The Environmental History of Africa

Topic 15 - Roots of African Famine, 1984-87

  1. Famine and Africa have become synonymous in last quarter of 20th century
    1. Is this accurate? Earlier generations had Armenia, China, Biafra as examples of world famine. Africa in general and Ethiopia in particular has replaced those earlier images.
    2. If so, why and how?
    3. What is there to do? What does history have to contribute to a solution

  2. Definition of Famine and Causes: Famine is a result of the failure of human interactions with land, vegetation, livestock, etc. to produce sufficient food.
    1. Famine is a state of widespread food scarcity under which victims are unable to replace energy lost in basal metabolism and thus consume body fat--often ending in death.
    2. Causes would include
      1. climate, i.e. drought
      2. demography, i.e. overpopulation
      3. disease, loss of livestock or human labor
      4. Concentration on cash crops
      5. agriculture, failure of production
      6. politics, bad government policies (socialism/price controls)
      7. warfare
    3. Who is vulnerable?
      1. Structural --people vulnerable because of who they are in society.
      2. Episodic -- shocks which affect everyone.
    4. Drought as a single causal factor does not work. In 1985 there were 31 droughts worldwide, but only 5 of these later coincided with famine. What other explanations are needed?
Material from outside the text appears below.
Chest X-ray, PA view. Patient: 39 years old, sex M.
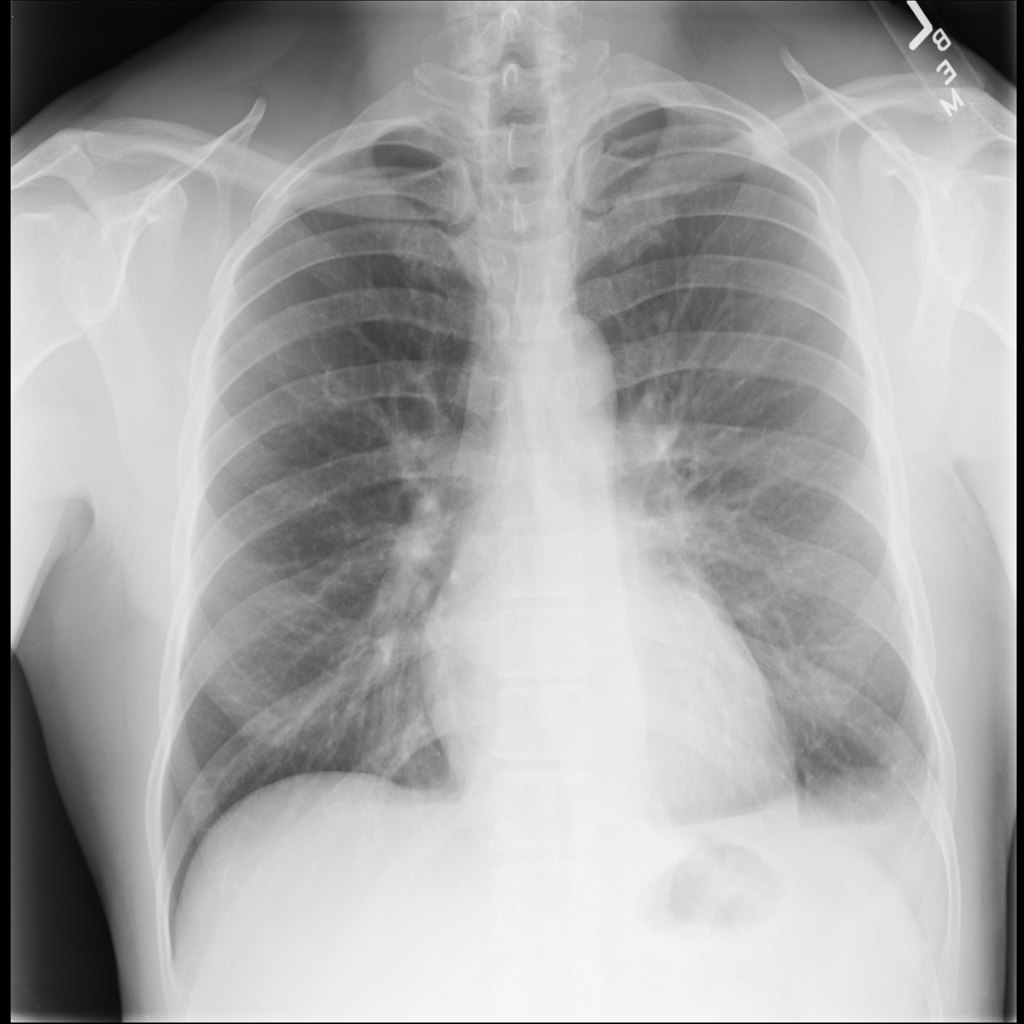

  3. Amartya Sen's theory of "entitlements" indicated that in modern famines absence of food not a good measure, but absence of entitlements.
    1. Entitlements are exchange (money).
    2. Kinship and social claims are entitlement to resources.
    3. Political: ability to command resources because of political influence (Indian example) allow people to command resources and avoid famine.
    4. When they have neither a population is vulnerable to famine (esp. in event of an environmental or political shock).

  4. Famines are ubiquitous in human history, but their causes, geography, and demography have changed in world history.
    1. Pre-industrial famines resulted from environmental calamity that interrupted food production. Distribution was limited to small scale and market networks. Famines were more common in areas of limited rainfall or where episodic disease struck.
    2. Industrial revolution changes farm productivity, transport, storage of food and ability of urban populations to accumulate entitlements.
    3. Colonial period and 20th century allowed industrialized countries to extract materials from Africa and Asia, build transport and develop extractive markets. Entitlements in developed countries expanded while they contracted in developing countries. Food was a commodity obtainable primarily by cash. Markets provided food locally from other regions but only through cash. Food aid was political at international and local level.